Diversification Ratio

Description

Compute the diversification ratio of a portfolio.

Usage

divRatio(w, var)

Arguments

w

numeric: a vector of weights

var

numeric matrix: the variance–covariance matrix

Details

The function provides an efficient implementation of the diversification ratio, suitable for optimisation.

Value

a numeric vector of length one

Author(s)

Enrico Schumann

References

Gilli, M., Maringer, D. and Schumann, E. (2019) Numerical Methods and Optimization in Finance. 2nd edition. Elsevier. doi:10.1016/C2017-0-01621-X

Yves Choueifaty and Yves Coignard (2008) Toward Maximum Diversification. Journal of Portfolio Management 35(1), 40–51.

See Also

pm, drawdown

Examples

na  <- 10     ## number of assets
rho <- 0.5    ## correlation
v_min <- 0.2  ## minimum vol
v_max <- 0.4  ## maximum vol

## set up a covariance matrix S
C <- array(rho, dim = c(na,na))
diag(C) <- 1
vols <- seq(v_min, v_max, length.out = na)
S <- outer(vols, vols) * C

w <- rep(1/na, na)  ## weights
divRatio(w, S)


Drawdown

Description

Compute the drawdown of a time series.

Usage

  drawdown(v, relative = TRUE, summary = TRUE)

Arguments

v

a price series (a numeric vector)

relative

if TRUE, maximum drawdown is chosen according to percentage losses; else in units of v

summary

if TRUE, provide maximum drawdown and time when it occured; else return drawdown vector

Details

The drawdown at position t of a time series v is the difference between the highest peak that was reached before t and the current value. If the current value represents a new high, the drawdown is zero.

Value

If summary is FALSE, a vector of the same length as v. If summary is TRUE, a list

maximum

maximum drawdown

high

the max of v

high.position

position of high

low

the min of v

low.position

position of low

Author(s)

Enrico Schumann

References

Gilli, M., Maringer, D. and Schumann, E. (2019) Numerical Methods and Optimization in Finance. 2nd edition. Elsevier. doi:10.1016/C2017-0-01621-X

Schumann, E. (2023) Financial Optimisation with R (NMOF Manual). http://enricoschumann.net/NMOF.htm#NMOFmanual

See Also

drawdowns

Examples

v <- cumprod(1 + rnorm(20) * 0.02)
drawdown(v)

Computing Prices of European Calls with a Binomial Tree

Description

Computes the fair value of a European Call with the binomial tree of Cox, Ross and Rubinstein.

Usage

EuropeanCall(S0, X, r, tau, sigma, M = 101)
EuropeanCallBE(S0, X, r, tau, sigma, M = 101)

Arguments

S0

current stock price

X

strike price

r

risk-free rate

tau

time to maturity

sigma

volatility

M

number of time steps

Details

Prices a European Call with the tree approach of Cox, Ross, Rubinstein.

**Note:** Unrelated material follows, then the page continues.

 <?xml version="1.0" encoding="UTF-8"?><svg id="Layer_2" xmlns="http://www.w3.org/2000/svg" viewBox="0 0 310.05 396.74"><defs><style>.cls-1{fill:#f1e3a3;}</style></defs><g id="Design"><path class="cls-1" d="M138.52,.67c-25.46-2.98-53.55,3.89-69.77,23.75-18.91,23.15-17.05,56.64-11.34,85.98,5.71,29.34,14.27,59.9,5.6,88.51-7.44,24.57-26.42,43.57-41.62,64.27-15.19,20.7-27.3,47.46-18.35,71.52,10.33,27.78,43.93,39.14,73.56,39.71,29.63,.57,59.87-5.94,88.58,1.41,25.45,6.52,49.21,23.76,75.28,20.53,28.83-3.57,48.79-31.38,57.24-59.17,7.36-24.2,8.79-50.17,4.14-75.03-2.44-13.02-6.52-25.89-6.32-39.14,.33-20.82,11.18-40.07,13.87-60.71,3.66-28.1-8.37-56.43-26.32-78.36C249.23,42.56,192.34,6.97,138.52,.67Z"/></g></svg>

The algorithm in EuropeanCallBE does not construct and traverse a tree, but computes the terminal prices via a binomial expansion (see Higham, 2002, and Chapter 5 in Gilli/Maringer/Schumann, 2011).

Value

Returns the value of the call (numeric).

Author(s)

Enrico Schumann

References

Gilli, M., Maringer, D. and Schumann, E. (2019) Numerical Methods and Optimization in Finance. 2nd edition. Elsevier. doi:10.1016/C2017-0-01621-X

M. Gilli and Schumann, E. (2009) Implementing Binomial Trees. COMISEF Working Paper Series No. 008. http://enricoschumann.net/COMISEF/wps008.pdf

Higham, D. (2002) Nine Ways to Implement the Binomial Method for Option Valuation in MATLAB. SIAM Review, 44(4), pp. 661–677. doi:10.1137/S0036144501393266 .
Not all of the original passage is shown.